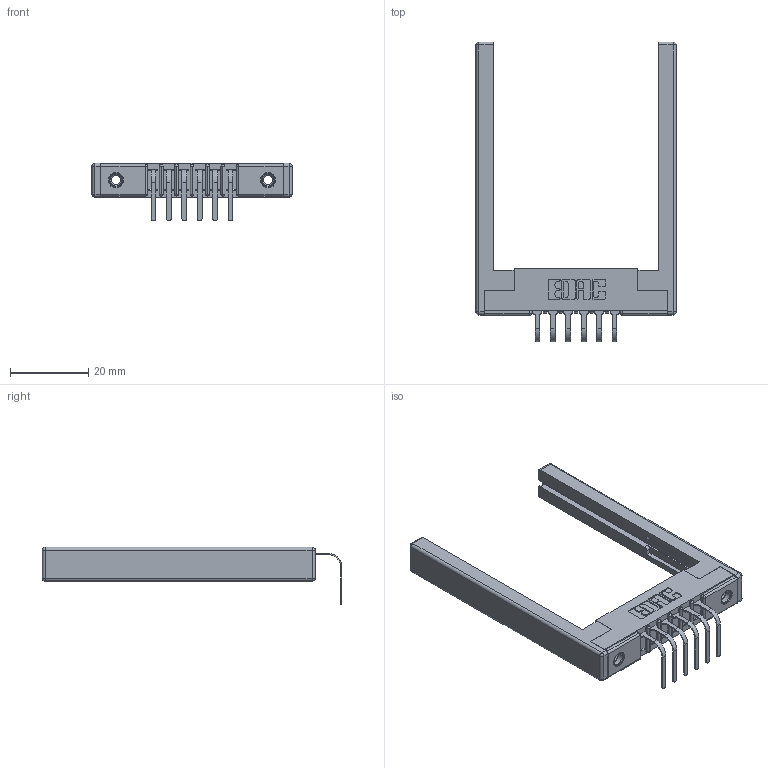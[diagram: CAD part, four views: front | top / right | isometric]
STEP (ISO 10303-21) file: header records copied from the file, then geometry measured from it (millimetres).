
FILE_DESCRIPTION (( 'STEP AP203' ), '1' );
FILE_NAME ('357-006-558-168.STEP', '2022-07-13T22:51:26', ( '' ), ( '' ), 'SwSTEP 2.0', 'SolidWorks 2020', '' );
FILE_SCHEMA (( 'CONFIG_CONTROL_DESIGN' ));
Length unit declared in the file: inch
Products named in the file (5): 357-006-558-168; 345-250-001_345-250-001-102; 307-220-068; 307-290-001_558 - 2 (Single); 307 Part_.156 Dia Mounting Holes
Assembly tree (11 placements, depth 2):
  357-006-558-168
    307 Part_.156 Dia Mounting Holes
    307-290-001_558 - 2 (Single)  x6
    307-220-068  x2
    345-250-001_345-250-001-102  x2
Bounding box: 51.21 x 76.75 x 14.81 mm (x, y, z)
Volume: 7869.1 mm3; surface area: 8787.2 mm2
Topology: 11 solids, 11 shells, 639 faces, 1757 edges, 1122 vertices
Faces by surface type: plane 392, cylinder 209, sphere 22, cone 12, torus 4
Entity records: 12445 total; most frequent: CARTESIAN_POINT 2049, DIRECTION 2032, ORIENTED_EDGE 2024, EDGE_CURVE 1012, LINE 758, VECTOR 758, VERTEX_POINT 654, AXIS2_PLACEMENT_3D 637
--
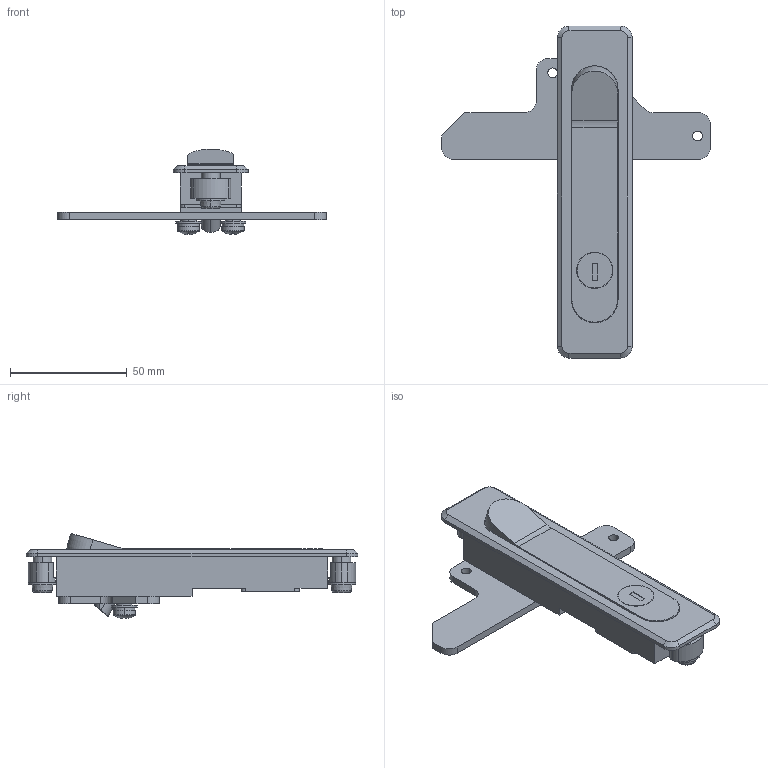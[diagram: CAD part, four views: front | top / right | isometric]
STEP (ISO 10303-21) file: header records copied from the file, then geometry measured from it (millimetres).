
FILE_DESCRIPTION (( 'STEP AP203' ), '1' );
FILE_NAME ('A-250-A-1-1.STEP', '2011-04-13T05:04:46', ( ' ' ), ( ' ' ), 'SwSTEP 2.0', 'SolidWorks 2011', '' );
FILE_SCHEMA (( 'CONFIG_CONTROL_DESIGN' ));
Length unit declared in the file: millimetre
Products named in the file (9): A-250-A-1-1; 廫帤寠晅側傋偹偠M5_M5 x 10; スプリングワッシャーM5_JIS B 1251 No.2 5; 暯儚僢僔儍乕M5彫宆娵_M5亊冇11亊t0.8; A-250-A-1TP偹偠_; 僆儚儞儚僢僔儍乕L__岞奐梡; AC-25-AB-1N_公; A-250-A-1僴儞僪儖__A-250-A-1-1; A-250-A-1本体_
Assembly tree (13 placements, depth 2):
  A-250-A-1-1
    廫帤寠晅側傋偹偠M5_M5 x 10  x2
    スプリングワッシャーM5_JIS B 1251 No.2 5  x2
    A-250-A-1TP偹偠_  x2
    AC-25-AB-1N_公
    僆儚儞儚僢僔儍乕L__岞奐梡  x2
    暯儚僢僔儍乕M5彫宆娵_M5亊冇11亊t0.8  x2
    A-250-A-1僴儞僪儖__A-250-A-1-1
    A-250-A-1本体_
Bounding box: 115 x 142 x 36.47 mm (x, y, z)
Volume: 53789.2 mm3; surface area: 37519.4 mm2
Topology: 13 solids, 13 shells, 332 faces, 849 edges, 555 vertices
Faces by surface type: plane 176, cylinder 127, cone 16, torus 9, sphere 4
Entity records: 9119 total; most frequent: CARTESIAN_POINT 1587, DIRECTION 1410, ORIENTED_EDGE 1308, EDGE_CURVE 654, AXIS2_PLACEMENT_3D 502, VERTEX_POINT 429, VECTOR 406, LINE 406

What you will do: If a line in the records above contains the string "Holes", copy that line out.

Task solution:
Products named in the file (5): 357-006-558-168; 345-250-001_345-250-001-102; 307-220-068; 307-290-001_558 - 2 (Single); 307 Part_.156 Dia Mounting Holes
    307 Part_.156 Dia Mounting Holes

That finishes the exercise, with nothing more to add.